Clan of Champions is a fantasy arena battle game that is best played with friends. Up to three people can join in a co-op mission, but if you choose to go alone, you’ll still have two companions. They’ll just be AI controlled. I would have preferred for the missions to simply scale to one player. The AI isn’t horrible, but when there’s one enemy left, more often than not you’ll end up standing and watching them take him out as they maneuver directly in front of you and block your attack path. Fortunately, if you choose to attack anyways, there isn’t any sort of friendly fire. Through some miraculous magical engineering, your fireballs don’t hurt your friends, so blindly fire away! If you’d rather fight your friends, Clan of Champions also has a versus mode that provides an arena for 3 vs 3 combat. This is the mode to choose if you do want to hurt your friends with fireballs (and who doesn’t?).
The character customization is simple and limited when compared to other games that incorporate some kind of character creation. You can choose between three races: humans, orcs, and elves (the orcs are particularly disturbing to look at). If you want to play a female character, you have to choose an elf. No option is given for choosing gender. Each class has a few appearance tweaks to choose from, like different hair styles or tattoos. Again, these choices are very few, and if you’re looking for a fully customizable character, you won’t find it here.
Once you’ve created your sexy female elf (because that’s what everybody does, right?), there are skill points to distribute. Your character has four attributes (strength, vitality, agility, and spirit), and the starting values for each are determined by race. That’s pretty much the only thing the various classes seem to affect. They all start out with the same basic attack moves and the same fireball spell. The four attributes affect exactly what you’d expect them to. It’s a system that’s been done so many times before that I’d be surprised if Clan of Champions somehow managed to screw it up. Fortunately, they didn’t.
The combat is the best feature of Clan of Champions (which is good since it’s all you’ll do for the entirety of the game). The attacks don’t happen instantaneously as soon as you press the button, and it forces you to anticipate your opponent’s next move. Every click is a tactical decision as you try and strike your enemy where he isn’t blocking. There are three basic moves to attack at the head, torso, or legs of your enemy, and combinations of each attack lead to powerful combos that can stagger or even disarm your opponent. Beyond that, there are special attacks based on your combat stance.
Now, your combat stance is determined by your equipment. Choose the standard sword and shield to use the (you guessed it) sword and shield stance. You can also dual wield or brawl with brass knuckle type weapons. Again, this is nothing new to the genre, and again, Clan of Champions doesn’t screw it up. My only complaint is that they don’t do anything different. That doesn’t mean that the combat isn’t fun. Honestly, it’s the only reason to even try this game. You won’t find an engrossing story or detailed RPG here.
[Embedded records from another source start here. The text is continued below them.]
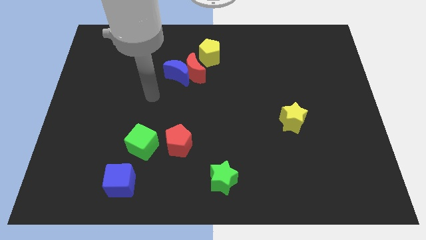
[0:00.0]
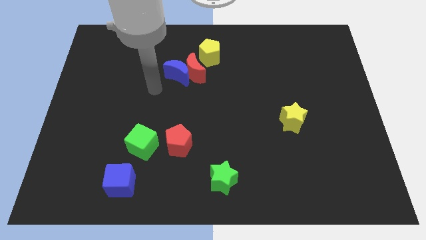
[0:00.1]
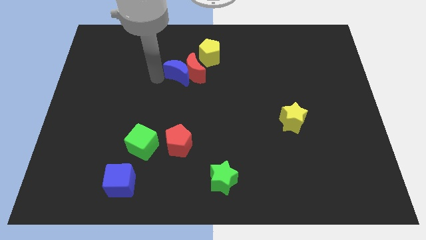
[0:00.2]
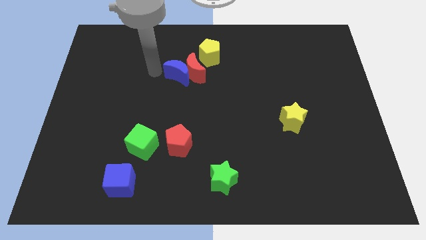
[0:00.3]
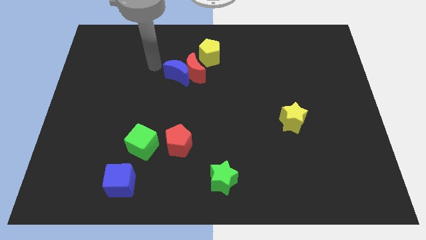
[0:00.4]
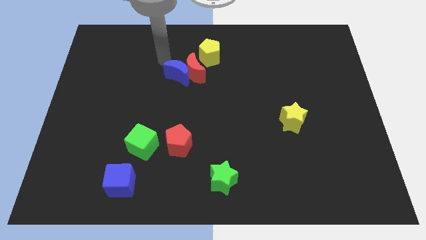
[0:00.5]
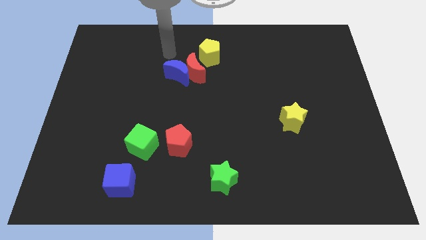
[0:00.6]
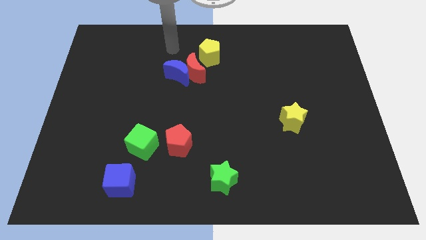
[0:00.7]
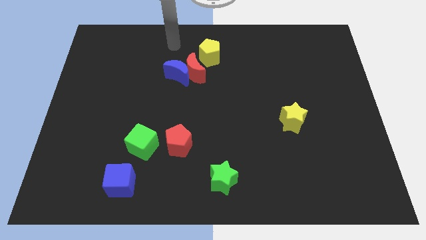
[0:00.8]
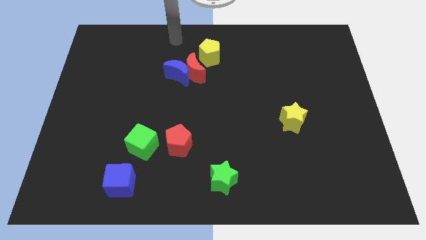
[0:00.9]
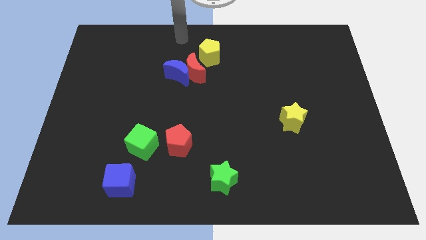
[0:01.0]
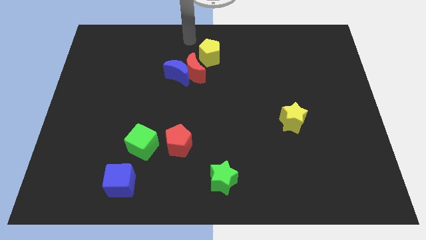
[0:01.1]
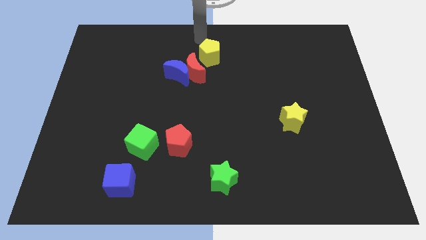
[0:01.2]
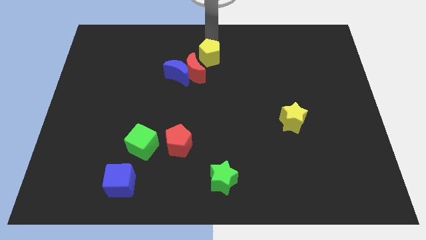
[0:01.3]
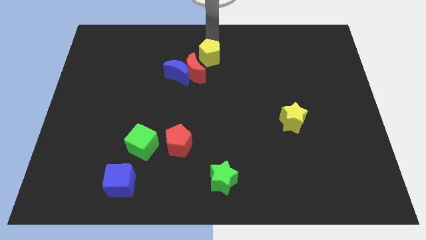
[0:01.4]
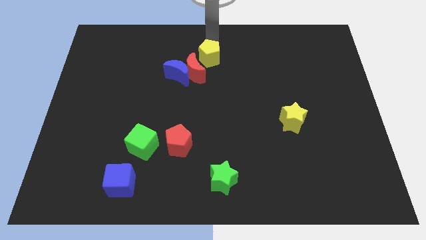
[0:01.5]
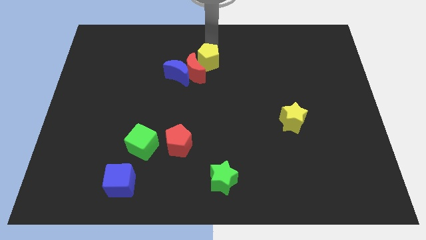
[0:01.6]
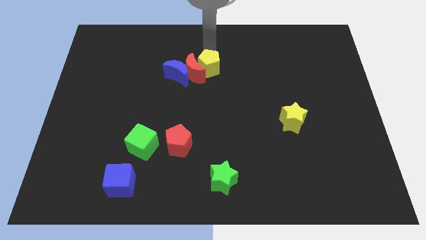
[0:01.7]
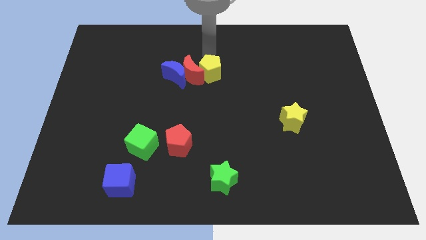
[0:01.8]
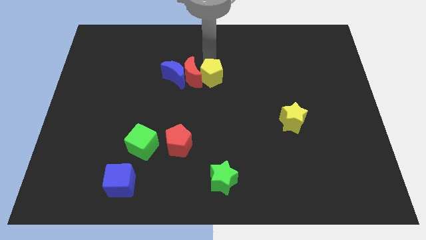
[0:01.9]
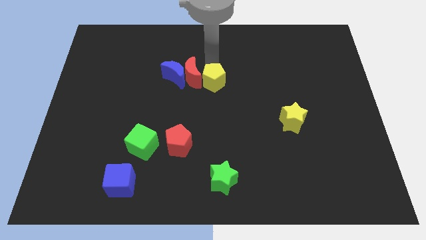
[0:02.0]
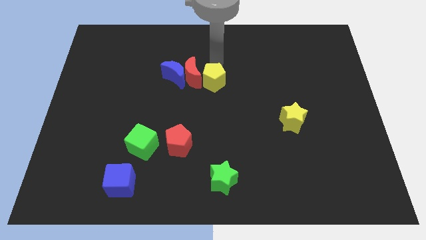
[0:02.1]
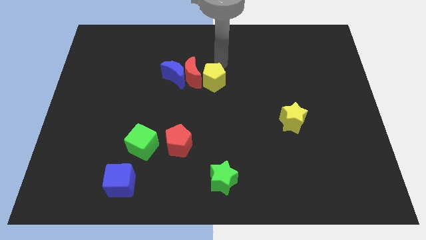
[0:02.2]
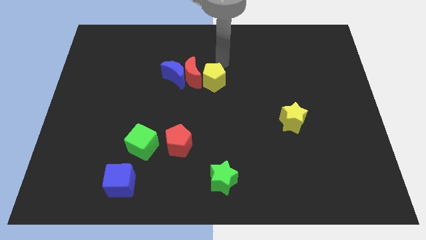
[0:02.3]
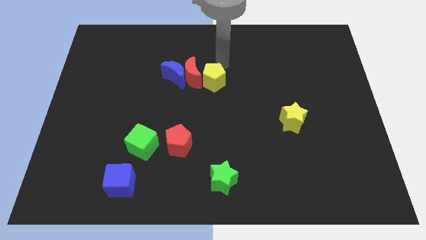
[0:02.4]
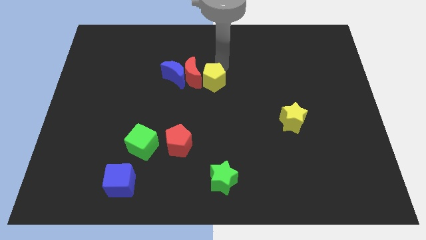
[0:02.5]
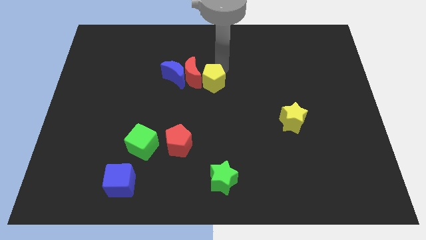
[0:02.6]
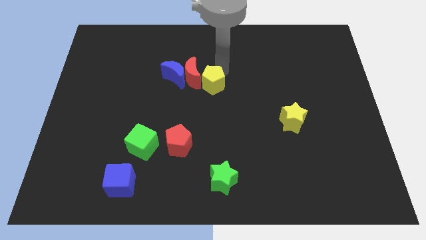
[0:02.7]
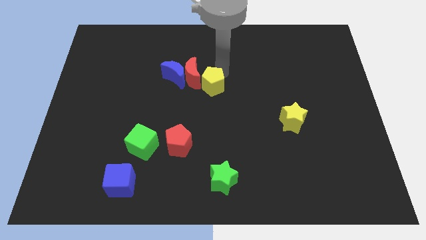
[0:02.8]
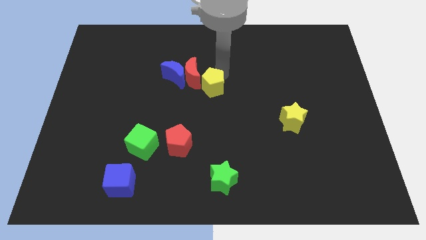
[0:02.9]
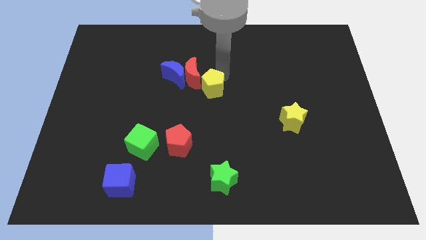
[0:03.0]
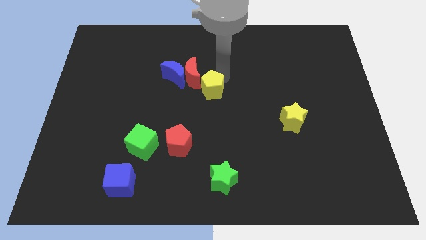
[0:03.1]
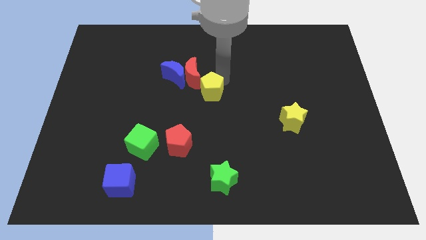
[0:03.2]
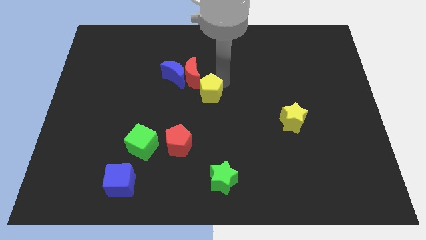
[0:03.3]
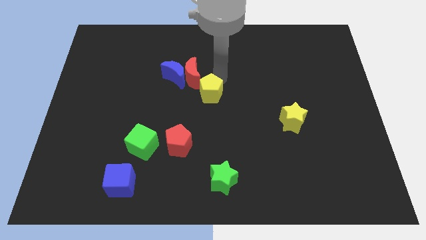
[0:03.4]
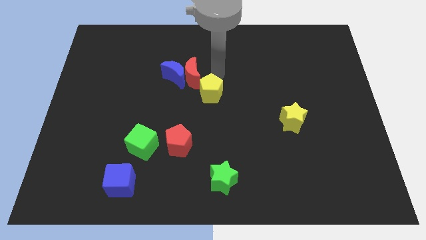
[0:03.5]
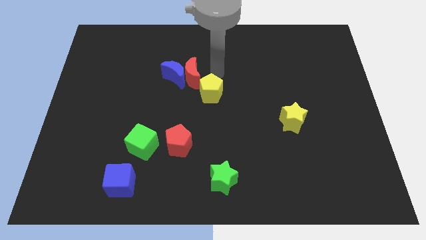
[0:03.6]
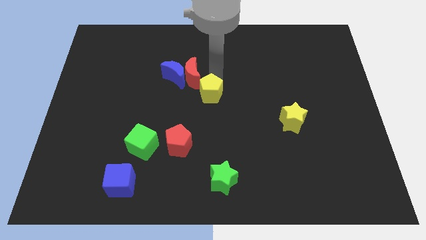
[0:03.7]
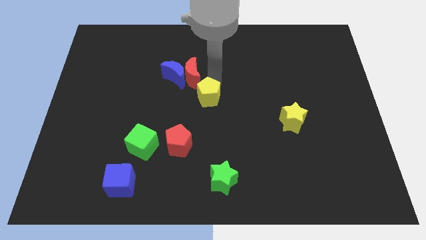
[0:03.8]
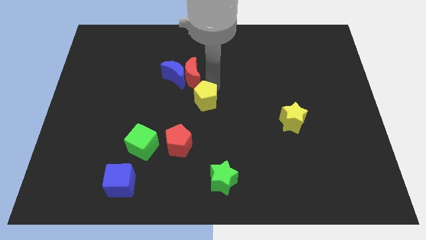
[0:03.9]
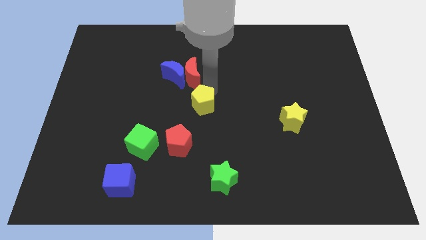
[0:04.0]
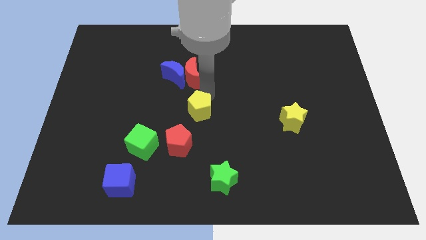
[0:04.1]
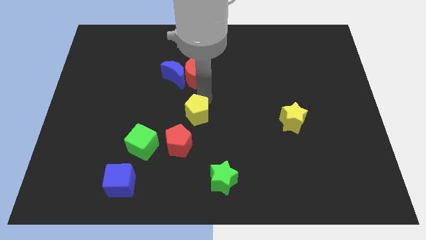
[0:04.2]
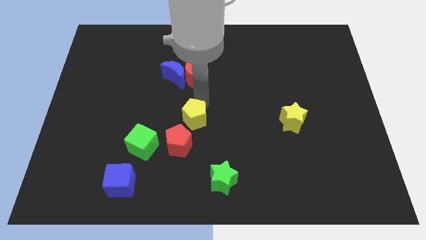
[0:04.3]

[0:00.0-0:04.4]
push the yellow pentagon downwards

Summary: Clan of Champions is a typical fantasy combat game with some RPG elements thrown in for good measure. It doesn’t do anything exceptional or new, but neither does it do anything terribly bad either. The problem with games like this is that they don’t do anything to differentiate themselves from the rest of the games like this, and in the end, I’d rather play Dark Souls.
- The Good: The combat feels solid and it’s fun to run around and hack enemies to bits.
- The Bad: It’s just a bland fantasy fighting game that doesn’t bring anything new to the table.
- The Ugly: The orcs. Seriously, they are hideous.